>>

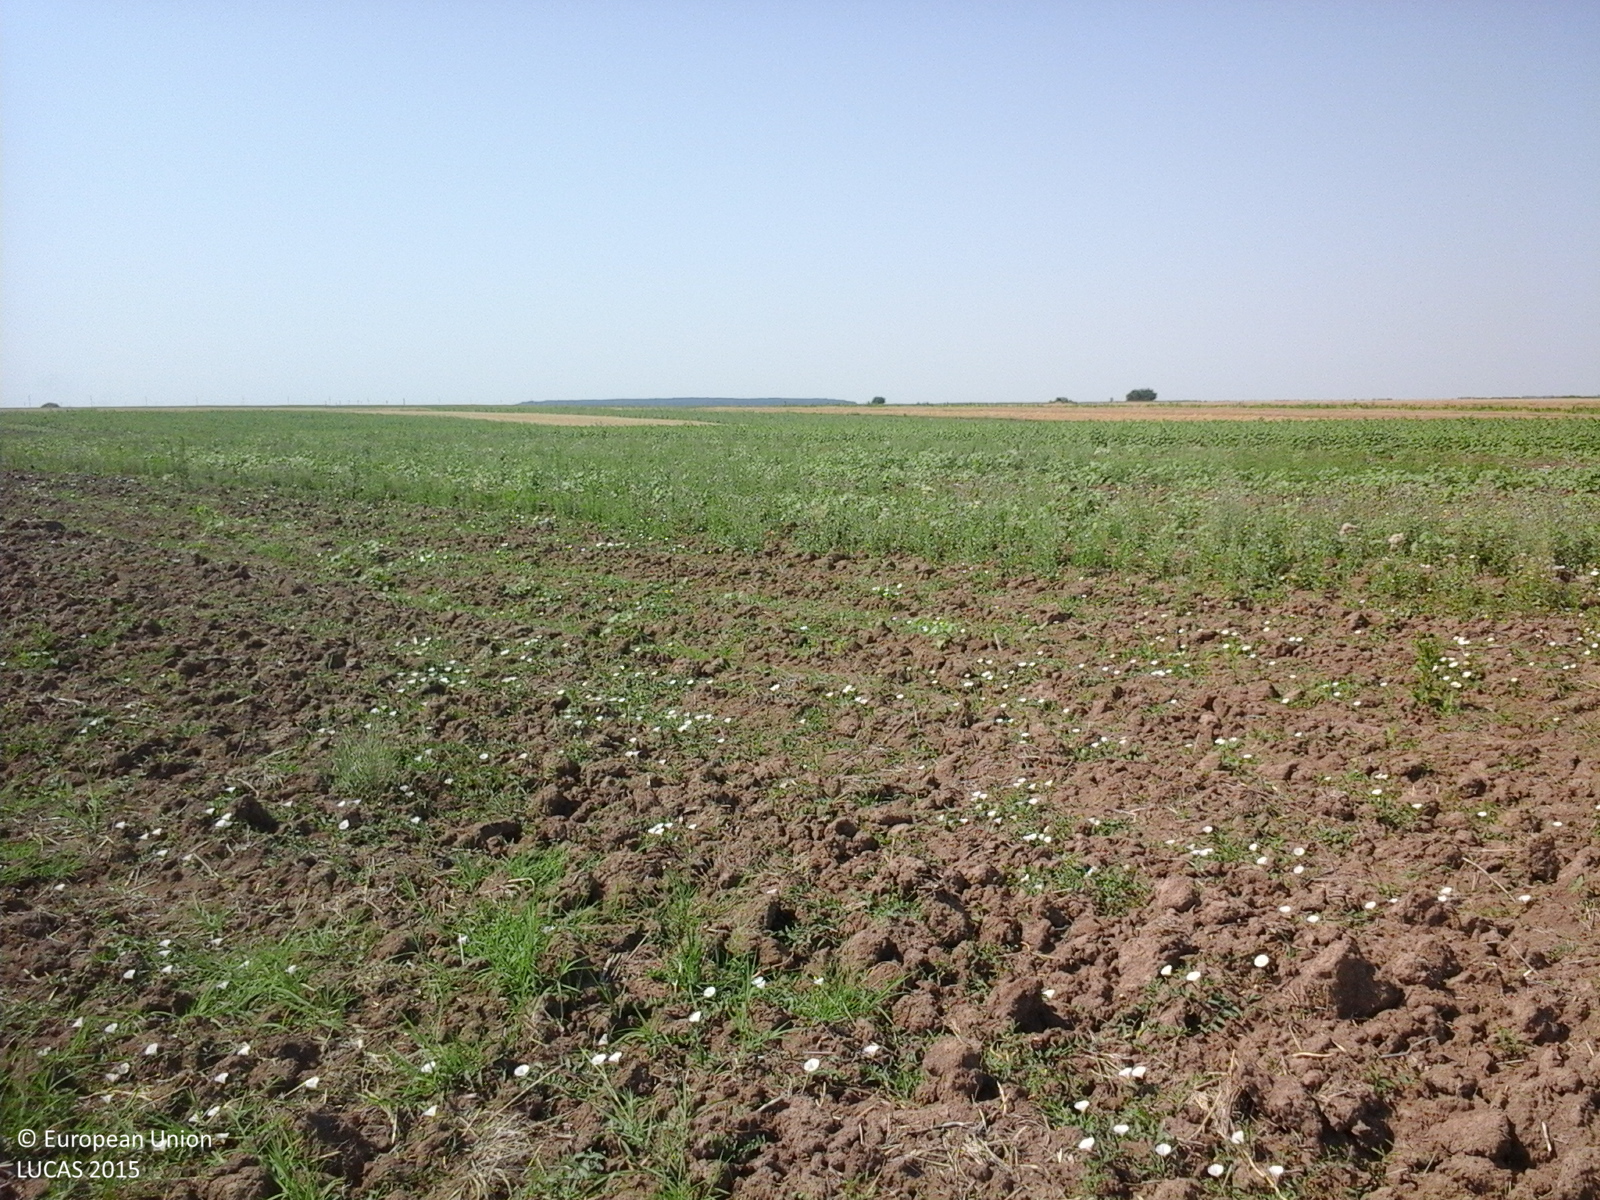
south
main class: Cropland
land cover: Durum wheat
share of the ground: < 10 %
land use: Agriculture (excluding fallow land and kitchen gardens)
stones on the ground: < 10 %
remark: Harvested field
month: July
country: RO
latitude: 44.4183
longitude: 25.2960

<<

→ Task:
Gather from the records above every line containing the string "ground".

→ Answer:
share of the ground: < 10 %
stones on the ground: < 10 %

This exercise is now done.